- EXERCISE PROMPT
Copy the entries below exactly, but only from the line containing "page: 99 of 267" through the final line.

Stored dataset items
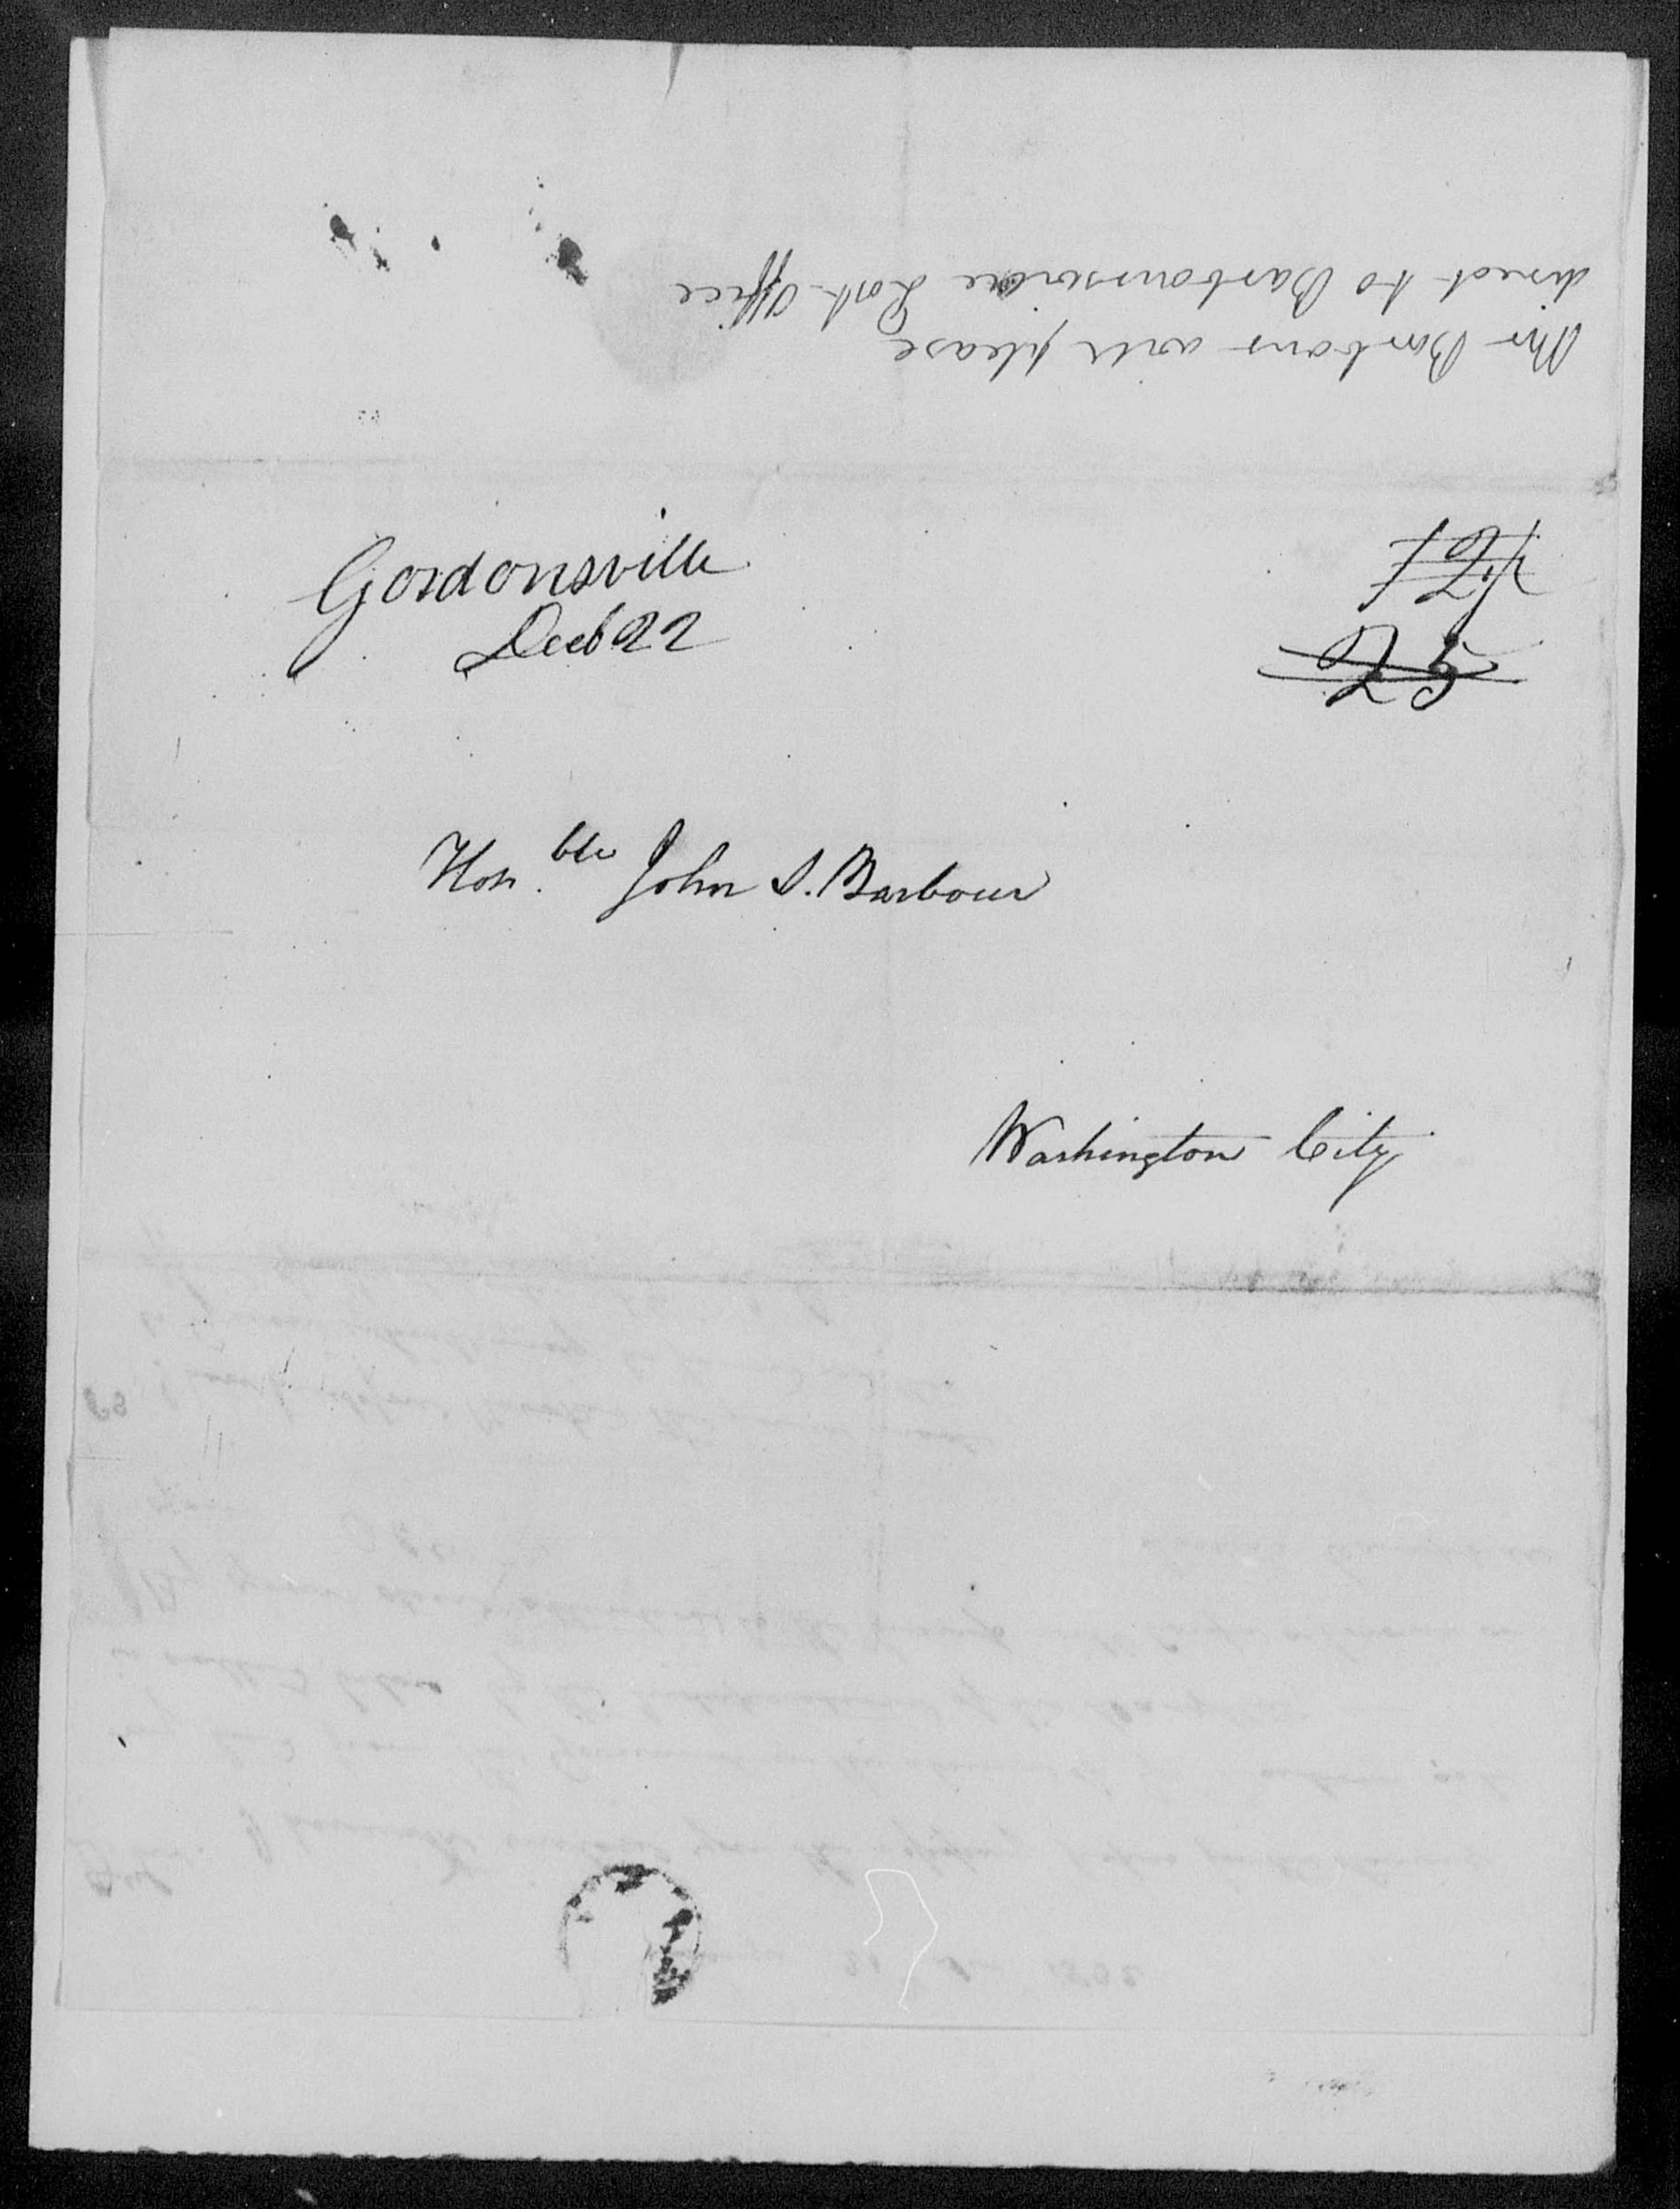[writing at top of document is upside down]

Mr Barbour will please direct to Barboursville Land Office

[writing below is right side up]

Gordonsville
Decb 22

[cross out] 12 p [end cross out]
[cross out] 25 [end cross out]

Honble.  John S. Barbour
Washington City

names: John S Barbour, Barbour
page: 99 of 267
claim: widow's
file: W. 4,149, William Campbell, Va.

- ANSWER FOR THIS EXERCISE
page: 99 of 267
claim: widow's
file: W. 4,149, William Campbell, Va.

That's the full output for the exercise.